This one day conference brought together those academics working to advance data science and provided an update on the research and collaborations taking place at CCIMI, associated challenges and other potential collaborative opportunities, as well as highlighting projects being developed elsewhere related to data analysis. Talks covered the applications of optimisation methods in engineering and science; algorithm design, analysis and implementation for linear and nonlinear non convex smooth optimisation​, regularisation and optimisation for machine learning. More details are on the event webpage

Innovative Mathematics for the Modern Industrial Strategy took place at INI from Monday 3rd February 2020 - Friday 14th February 2020. For many decades there has been a need for mathematical innovation in industry, especially in our largest R&D intensive companies. This case was made clear in the 2018 Bond Review and with the UK  Government's Modern Industrial Strategy there is an opportunity to do as the Bond Review suggests and  link together the providers of mathematics with senior business leaders,  and provide resources for long-term industry-driven collaboration in areas that can benefit from innovative mathematics. In 2019 a workshop related to the Industrial Strategy Challenge Fund was held at ICMS. This meeting scoped possible mathematical topics and identified some key areas that could both stimulate mathematical innovation and offer exciting possibilities of adding value to industry.

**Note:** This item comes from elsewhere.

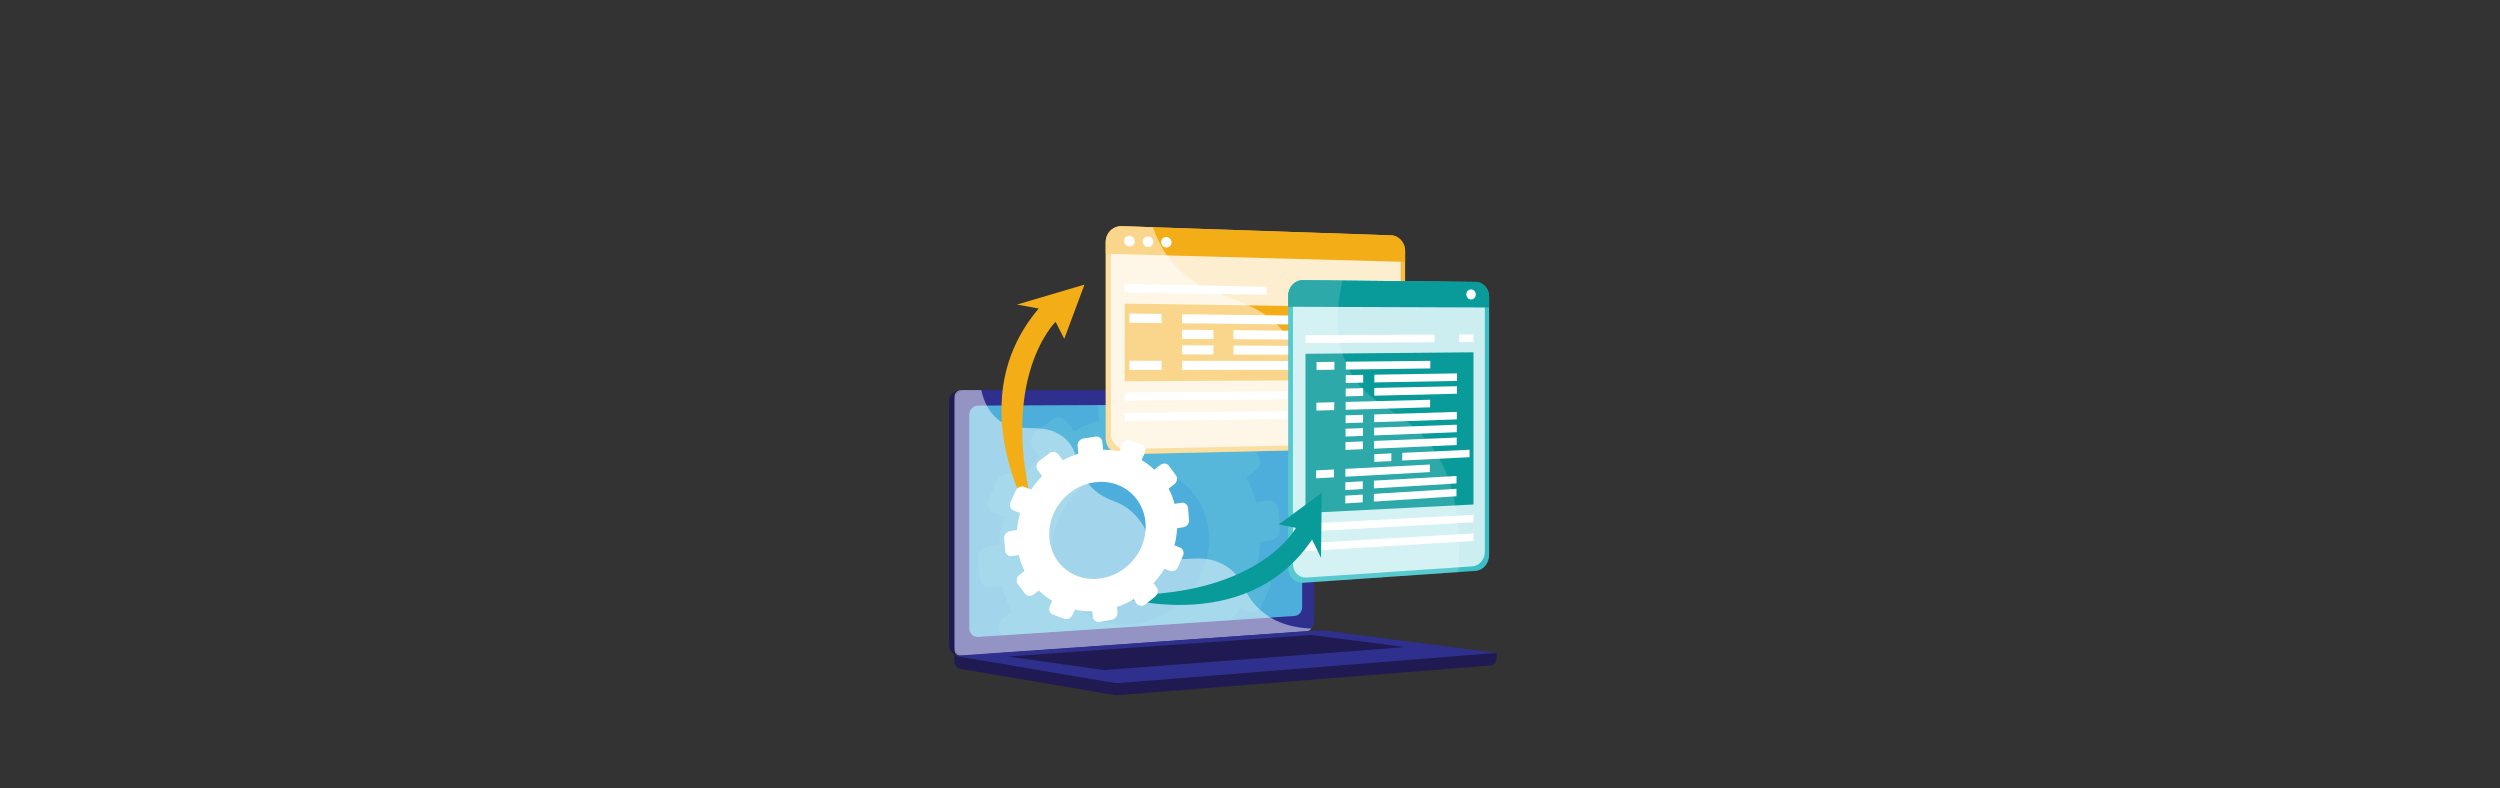 <?xml version="1.0" encoding="UTF-8"?><svg xmlns="http://www.w3.org/2000/svg" width="1444.211" height="455.245" viewBox="0 0 1444.211 455.245"><rect x="0" y="0" width="1444.211" height="455.245" fill="#333333" stroke="none"/><defs><style>.cls-1{fill:#2f2f8e;}.cls-2{opacity:.74;}.cls-2,.cls-3,.cls-4{fill:#fff;}.cls-2,.cls-5,.cls-6,.cls-4{mix-blend-mode:soft-light;}.cls-7{fill:#099a9a;}.cls-8{fill:#4daedb;}.cls-9{fill:#6ecbd9;}.cls-10{isolation:isolate;}.cls-11{fill:#f3ad16;}.cls-12{fill:#f5bd45;}.cls-13{opacity:.15;}.cls-6{opacity:.5;}.cls-14{fill:#3abfc7;}.cls-15{fill:#1f1a51;}.cls-4{opacity:.48;}.cls-16{mix-blend-mode:multiply;opacity:.3;}</style></defs><g class="cls-10"><g id="Layer_2"><path class="cls-15" d="M864.536,377.185l-313.139-2.577v7.626c0,2.07,1.366,3.83,3.216,4.144l88.546,15.017c1.051.178,2.116.225,3.177.141l214.797-17.122c1.918-.153,3.403-1.918,3.403-4.045v-3.183Z"/><path class="cls-15" d="M750.899,364.823l-196.264,13.951c-3.512.25-6.368-2.403-6.368-5.926v-141.128c0-3.523,2.856-6.378,6.368-6.378h196.264c2.893,0,5.233,2.581,5.233,5.766v127.577c0,3.184-2.339,5.932-5.233,6.138Z"/><path class="cls-1" d="M754.029,364.823l-196.264,13.951c-3.512.25-6.368-2.403-6.368-5.926v-141.128c0-3.523,2.855-6.378,6.368-6.378h196.264c2.893,0,5.233,2.581,5.233,5.766v127.577c0,3.184-2.339,5.932-5.233,6.138Z"/><path class="cls-8" d="M752.233,238.26v112.539c0,2.618-1.93,4.869-4.319,5.03l-36.569,2.423-132.345,8.776-13.885.921c-2.855.187-5.179-1.991-5.179-4.865v-123.558c0-2.874,2.324-5.217,5.179-5.229l69.274-.287,23.482-.099,18.705-.077,16.45-.069,54.888-.229c2.389-.007,4.319,2.106,4.319,4.724Z"/><g class="cls-16"><path class="cls-9" d="M733.979,312.109c3.252-.55,5.653-3.646,5.362-6.918l-.99-11.153c-.29-3.272-3.161-5.488-6.413-4.946l-6.276,1.039c-1.353-5.072-3.226-9.864-5.565-14.34l5.343-4.189c2.675-2.098,3.321-5.882,1.441-8.454l-6.413-8.772c-1.884-2.576-5.588-2.97-8.271-.872l-5.626,4.392c-3.623-3.428-7.625-6.444-11.929-9.005l2.977-6.666c1.387-3.107.092-6.593-2.897-7.785l-1.697-.677-16.45.069-.004.004-3.061,6.83c-4.885-1.028-9.964-1.563-15.177-1.548l-.462-5.209-23.482.099c-.077.481-.096.975-.05,1.472l.65,7.331c-5.106,1.62-9.998,3.742-14.623,6.291l-4.227-5.722c-1.93-2.61-5.726-3.012-8.477-.894l-9.406,7.231c-2.764,2.121-3.436,5.966-1.498,8.58l4.151,5.599c-3.83,3.902-7.277,8.168-10.289,12.716l-6.417-2.5c-3.069-1.196-6.719.394-8.152,3.554l-4.888,10.782c-1.437,3.168-.107,6.7,2.973,7.889l6.131,2.373c-1.548,5.194-2.576,10.56-3.027,16.022l-6.513,1.078c-3.386.562-5.894,3.726-5.595,7.067l1.009,11.393c.298,3.34,3.283,5.584,6.67,5.015l6.15-1.036c1.257,5.316,3.077,10.35,5.4,15.04l-4.839,3.78c-2.779,2.167-3.455,6.035-1.506,8.638l.986,1.319,132.345-8.776c1.709-2.251,3.302-4.586,4.774-6.994l4.919,1.903c2.973,1.147,6.497-.451,7.877-3.574l4.693-10.629c1.376-3.115.088-6.578-2.878-7.732l-5.171-2.018c1.38-5.232,2.228-10.625,2.496-16.102l5.924-.998ZM657.255,360.205c-25.073,4.338-47.313-12.441-49.537-37.502-2.224-25.057,16.435-48.681,41.53-52.744,24.946-4.036,46.843,12.804,49.04,37.59,2.198,24.782-16.11,48.349-41.033,52.656Z"/></g><path class="cls-3" d="M662.828,229.203c0,1.311-1.01,2.377-2.258,2.381-1.249.004-2.263-1.059-2.263-2.373s1.014-2.38,2.263-2.381c1.247-.001,2.258,1.061,2.258,2.373Z"/><path class="cls-4" d="M706.742,326.117c-15.13-8.188-27.027,2.187-38.508-8.05-6.961-6.207-3.543-10.835-12.108-20.11-9.486-10.273-15.663-6.82-25.196-16.065-12.055-11.69-6.026-20.786-16.409-29.179-12.597-10.182-26.182-.758-38.173-10.523-5.172-4.212-8.01-10.335-9.491-16.847h-11.733c-2.056,0-3.726,1.676-3.726,3.744v146.291c0,2.068,1.67,3.625,3.726,3.478l200.025-14.281c.982-.07,1.852-.647,2.411-1.482-14.642-.537-23.638-5.474-29.388-10.578-11.249-9.985-9.298-19.832-21.428-26.397Z"/><path class="cls-1" d="M761.851,364.19l-210.454,14.685,91.762,15.562c1.051.178,2.116.226,3.177.141l218.2-17.393-99.337-12.895c-1.111-.144-2.231-.178-3.348-.1Z"/><polygon class="cls-15" points="582.106 379.245 757.315 366.837 811.541 373.819 637.841 387.083 582.106 379.245"/><path class="cls-12" d="M803.57,135.95l-155.382-5.289c-5.199-.177-9.431,3.919-9.431,9.149v113.401c0,5.23,4.232,9.372,9.431,9.253l155.382-3.574c4.504-.104,8.141-4.111,8.141-8.951v-104.948c0-4.84-3.637-8.888-8.141-9.041Z"/><path class="cls-2" d="M641.776,250.828v-108.601c0-4.84,3.912-8.636,8.719-8.478l151.062,4.945c4.182.137,7.56,3.888,7.56,8.379v100.758c0,4.491-3.378,8.204-7.56,8.295l-151.062,3.277c-4.808.104-8.72-3.735-8.72-8.575Z"/><path class="cls-11" d="M803.57,135.95l-155.382-5.289c-5.199-.177-9.431,3.919-9.431,9.149v6.793l172.955,4.675v-6.287c0-4.84-3.637-8.888-8.141-9.041Z"/><path class="cls-3" d="M655.527,139.401c0,1.699-1.368,3.037-3.059,2.988-1.693-.049-3.067-1.47-3.067-3.174s1.374-3.042,3.067-2.988c1.69.054,3.059,1.475,3.059,3.174Z"/><path class="cls-3" d="M666.206,139.725c0,1.691-1.356,3.023-3.03,2.975-1.677-.049-3.038-1.463-3.038-3.159s1.361-3.028,3.038-2.974c1.675.053,3.03,1.467,3.03,3.159Z"/><path class="cls-3" d="M676.786,140.046c0,1.684-1.343,3.01-3.003,2.961-1.662-.048-3.01-1.456-3.01-3.144s1.349-3.014,3.01-2.961c1.659.053,3.003,1.46,3.003,3.144Z"/><polygon class="cls-11" points="802.209 219.497 649.75 220.217 649.75 175.376 802.209 177.617 802.209 219.497"/><polygon class="cls-3" points="802.209 230.072 649.75 231.539 649.75 226.724 802.209 225.575 802.209 230.072"/><polygon class="cls-3" points="802.209 241.105 649.75 243.351 649.75 238.536 802.209 236.607 802.209 241.105"/><polygon class="cls-3" points="731.745 165.661 649.75 164.053 649.75 168.868 731.745 170.305 731.745 165.661"/><polygon class="cls-3" points="793.509 166.871 793.509 171.387 802.209 171.539 802.209 167.042 793.509 166.871"/><g class="cls-6"><path class="cls-3" d="M743.095,194.039c-18.152-26.414-49.551-18.078-69.4-47.236-3.579-5.257-6.007-10.604-7.672-15.535l-17.835-.607c-5.199-.177-9.431,3.919-9.431,9.149v113.401c0,5.23,4.232,9.372,9.431,9.253l118.176-2.718c-3.537-5.084-6.801-10.765-9.564-17.111-10.594-24.336-2.748-32.654-13.704-48.596Z"/></g><g class="cls-5"><polygon class="cls-3" points="671.035 186.628 652.464 186.431 652.464 181.105 671.035 181.344 671.035 186.628"/><polygon class="cls-3" points="770.245 187.685 682.891 186.755 682.891 181.496 770.245 182.62 770.245 187.685"/><polygon class="cls-3" points="700.996 195.861 682.891 195.737 682.891 190.479 700.996 190.643 700.996 195.861"/><polygon class="cls-3" points="797.778 196.525 712.556 195.941 712.556 190.748 797.778 191.521 797.778 196.525"/><polygon class="cls-3" points="700.996 204.775 682.891 204.719 682.891 199.461 700.996 199.557 700.996 204.775"/><polygon class="cls-3" points="797.778 205.073 712.556 204.811 712.556 199.618 797.778 200.069 797.778 205.073"/><polygon class="cls-3" points="671.035 213.71 652.464 213.724 652.464 208.398 671.035 208.426 671.035 213.71"/><polygon class="cls-3" points="770.245 213.639 682.891 213.702 682.891 208.443 770.245 208.575 770.245 213.639"/></g><path class="cls-14" d="M852.496,162.87l-99.757-1.052c-4.718-.05-8.557,3.948-8.557,8.929v157.479c0,4.981,3.839,8.755,8.557,8.43l99.757-6.872c4.282-.295,7.74-4.359,7.74-9.079v-149.208c0-4.719-3.458-8.582-7.74-8.627Z"/><path class="cls-2" d="M746.921,325.833v-152.852c0-4.61,3.549-8.314,7.912-8.274l95.75.885c3.975.037,7.187,3.616,7.187,7.994v145.175c0,4.379-3.212,8.145-7.187,8.414l-95.75,6.471c-4.362.295-7.912-3.203-7.912-7.813Z"/><path class="cls-7" d="M852.496,162.87l-99.757-1.052c-4.717-.05-8.557,3.948-8.557,8.929v6.47l116.054.41v-6.13c0-4.72-3.458-8.582-7.74-8.627Z"/><path class="cls-3" d="M852.53,170.111c0,1.605-1.22,2.899-2.728,2.891-1.509-.008-2.734-1.319-2.734-2.928s1.225-2.903,2.734-2.891c1.507.012,2.728,1.323,2.728,2.928Z"/><polygon class="cls-7" points="851.202 291.436 754.157 296.347 754.157 204.38 851.202 203.526 851.202 291.436"/><polygon class="cls-3" points="851.202 301.746 754.157 307.133 754.157 302.546 851.202 297.362 851.202 301.746"/><polygon class="cls-3" points="851.202 312.502 754.157 318.386 754.157 313.799 851.202 308.118 851.202 312.502"/><polygon class="cls-3" points="828.691 193.303 754.157 193.594 754.157 198.181 828.691 197.735 828.691 193.303"/><polygon class="cls-3" points="842.933 193.248 842.933 197.65 851.202 197.6 851.202 193.216 842.933 193.248"/><g class="cls-13"><path class="cls-3" d="M826.283,256.995c-16.04-21.118-36.164-21.722-47.37-44.32-8.112-16.358-6.962-34.984-3.361-50.616l-22.813-.24c-4.717-.05-8.557,3.948-8.557,8.929v157.479c0,4.981,3.839,8.755,8.557,8.43l89.691-6.178c2.761-39.881-6.836-61.225-16.147-73.483Z"/></g><g class="cls-5"><polygon class="cls-3" points="770.85 213.581 760.541 213.719 760.557 209.133 770.867 209.026 770.85 213.581"/><polygon class="cls-3" points="826.26 212.838 777.442 213.492 777.459 208.958 826.28 208.451 826.26 212.838"/><polygon class="cls-3" points="787.493 221.05 777.412 221.237 777.429 216.703 787.511 216.547 787.493 221.05"/><polygon class="cls-3" points="841.702 220.044 793.939 220.93 793.958 216.446 841.723 215.704 841.702 220.044"/><polygon class="cls-3" points="787.462 228.74 777.382 228.979 777.399 224.447 787.48 224.238 787.462 228.74"/><polygon class="cls-3" points="841.665 227.455 793.908 228.587 793.926 224.105 841.686 223.116 841.665 227.455"/><polygon class="cls-3" points="770.762 236.909 760.456 237.207 760.473 232.625 770.779 232.358 770.762 236.909"/><polygon class="cls-3" points="826.155 235.311 777.352 236.719 777.37 232.188 826.176 230.927 826.155 235.311"/><polygon class="cls-3" points="787.4 244.115 777.322 244.458 777.34 239.928 787.418 239.615 787.4 244.115"/><polygon class="cls-3" points="841.592 242.272 793.844 243.896 793.863 239.416 841.614 237.936 841.592 242.272"/><polygon class="cls-3" points="787.369 251.799 777.292 252.194 777.31 247.665 787.387 247.301 787.369 251.799"/><polygon class="cls-3" points="841.556 249.678 793.813 251.547 793.831 247.068 841.577 245.342 841.556 249.678"/><polygon class="cls-3" points="787.338 259.482 777.262 259.928 777.28 255.401 787.356 254.985 787.338 259.482"/><polygon class="cls-3" points="841.52 257.082 793.781 259.197 793.8 254.719 841.541 252.748 841.52 257.082"/><polygon class="cls-3" points="803.758 266.349 793.905 266.837 793.924 262.36 803.777 261.903 803.758 266.349"/><polygon class="cls-3" points="848.929 264.116 810.06 266.038 810.079 261.61 848.95 259.805 848.929 264.116"/><polygon class="cls-3" points="770.616 275.751 760.316 276.313 760.333 271.737 770.634 271.206 770.616 275.751"/><polygon class="cls-3" points="825.981 272.729 777.203 275.392 777.22 270.866 826.001 268.35 825.981 272.729"/><polygon class="cls-3" points="787.245 282.519 777.173 283.12 777.19 278.596 787.263 278.024 787.245 282.519"/><polygon class="cls-3" points="841.411 279.283 793.686 282.134 793.705 277.659 841.432 274.952 841.411 279.283"/><polygon class="cls-3" points="787.214 290.193 777.143 290.847 777.16 286.324 787.232 285.701 787.214 290.193"/><polygon class="cls-3" points="841.374 286.68 793.655 289.776 793.673 285.302 841.396 282.35 841.374 286.68"/></g><path class="cls-11" d="M601.213,309.014s-50.294-72.881-1.162-130.8l-12.586-2.26,39.018-11.545-11.673,31.328-5.02-9.827s-36.882,35.898-8.577,123.103Z"/><path class="cls-7" d="M641.648,343.55s77.305,26.264,116.311-31.895l5.173,10.595.418-37.515-24.849,18.24,9.98,1.979s-22.557,41.751-107.033,38.596Z"/><path class="cls-3" d="M580.071,311.164l.62,6.986c.182,2.05,2.013,3.427,4.089,3.077l3.773-.636c.77,3.262,1.887,6.348,3.312,9.225l-2.968,2.317c-1.705,1.33-2.119,3.703-.925,5.298l4.067,5.432c1.192,1.592,3.536,1.802,5.235.469l2.807-2.201c2.341,2.285,4.945,4.285,7.761,5.964l-1.396,3.116c-.873,1.948-.061,4.1,1.812,4.807l6.375,2.404c1.867.704,4.084-.302,4.952-2.246l1.337-2.993c3.24.678,6.613.996,10.072.922l.275,3.095c.18,2.031,1.978,3.383,4.015,3.021l6.931-1.233c2.03-.361,3.528-2.295,3.348-4.32l-.274-3.086c3.341-1.124,6.524-2.594,9.508-4.36l1.795,2.422c1.164,1.571,3.451,1.775,5.106.458l5.635-4.486c1.651-1.314,2.049-3.65.889-5.22l-1.856-2.513c2.376-2.558,4.493-5.347,6.309-8.315l3.017,1.167c1.823.705,3.985-.276,4.83-2.191l2.878-6.519c.844-1.911.054-4.034-1.764-4.742l-3.172-1.237c.845-3.21,1.366-6.516,1.531-9.876l3.633-.613c1.995-.336,3.466-2.235,3.288-4.242l-.607-6.84c-.178-2.007-1.939-3.366-3.934-3.035l-3.848.638c-.829-3.109-1.98-6.05-3.413-8.793l3.277-2.57c1.641-1.287,2.037-3.608.883-5.185l-3.934-5.38c-1.155-1.58-3.426-1.82-5.072-.535l-3.45,2.693c-2.224-2.101-4.676-3.952-7.316-5.522l1.826-4.089c.851-1.905.056-4.042-1.776-4.774l-6.255-2.498c-1.838-.734-4.022.218-4.877,2.127l-1.878,4.191c-2.997-.632-6.112-.96-9.309-.95l-.398-4.484c-.18-2.025-1.972-3.409-4.006-3.09l-6.944,1.087c-2.041.32-3.55,2.225-3.37,4.255l.399,4.497c-3.132.993-6.132,2.293-8.969,3.857l-2.593-3.51c-1.183-1.601-3.51-1.847-5.2-.548l-5.768,4.435c-1.695,1.303-2.106,3.66-.918,5.263l2.546,3.436c-2.348,2.394-4.464,5.008-6.31,7.798l-3.936-1.534c-1.882-.734-4.122.242-5,2.18l-2.998,6.613c-.88,1.942-.063,4.109,1.824,4.839l3.761,1.454c-.949,3.186-1.579,6.476-1.855,9.827l-3.996.662c-2.077.344-3.614,2.285-3.432,4.334ZM606.192,311.055c-1.364-15.369,10.079-29.858,25.472-32.348,15.3-2.475,28.728,7.852,30.077,23.053,1.349,15.201-9.881,29.654-25.166,32.297-15.378,2.659-29.019-7.632-30.383-23.001Z"/></g></g></svg>

Working with the KTN, INI and the Gateway delivered 2 workshops in February 2020 - Network Theory and Optimal Control for the Circular Economy and Physical Modelling for Formulation. 
They brought academics and those from industry together to discuss particular challenges and the sessions covered a number of different topics and challenges in each week. ​Outputs from the events will be available in due course and for more information contact Matt Butchers. ​

Advances in Numerical Modelling​- Applications of Geometric and Structure Preserving Methods took place on Tuesday 3rd December 2019. Geometric and structure preserving methods are a special class of numerical algorithms used to compute solutions to differential equations that preserve the underlying geometry and structure of the system. The key advantage of these methods is that they are not only computationally fast, but they also improve the accuracy of the computation since they are both quantitatively and qualitatively precise.

This workshop showcased recent applications of geometric and structure preserving methods to models of real-world systems, as well as highlighted where advances in these types of numerical methods are most needed.

Cantab Capital Institute for the Mathematics of Information - Connecting with Industry took place on Wednesday 27th November 2019 at INI. This annual industry engagement day from CCIMI aimed to showcase the research that is being carried out at the Institute and enabled delegates to hear more detail about some of the current project collaborations and industry challenges that CCIMI is exploring.

This event followed the previous industry and academic engagement events delivered since 2016 and more information is available on the Gateway initiatives webpage.The main focus of this one day industrial engagement event was to provide an update on research and collaborations taking place at the CCIMI, as well as presenting interesting research being developed elsewhere.​

The Future of Distributed Ledger Technology took place on Wednesday 6th November 2019. Distributed Ledger Technology (DLT), and its numerous potential applications, has gained increased attention in recent years. The UK showed early interest in the technology and through strong research effort is now recognised as a global player.
This workshop was a collaboration with GCHQ, the Digital Catapult and the Engineering and Physical Sciences Research Council (EPSRC). In recognition of the potential and possibilities of DLT as a technology for both Government and the UK as a whole, it aimed to support appropriate use cases and promote research into scalable DLT. It served to bring together stakeholders (researchers and end users) from multiple communities, to help connect people and build closer links and collaborations to strengthen the community.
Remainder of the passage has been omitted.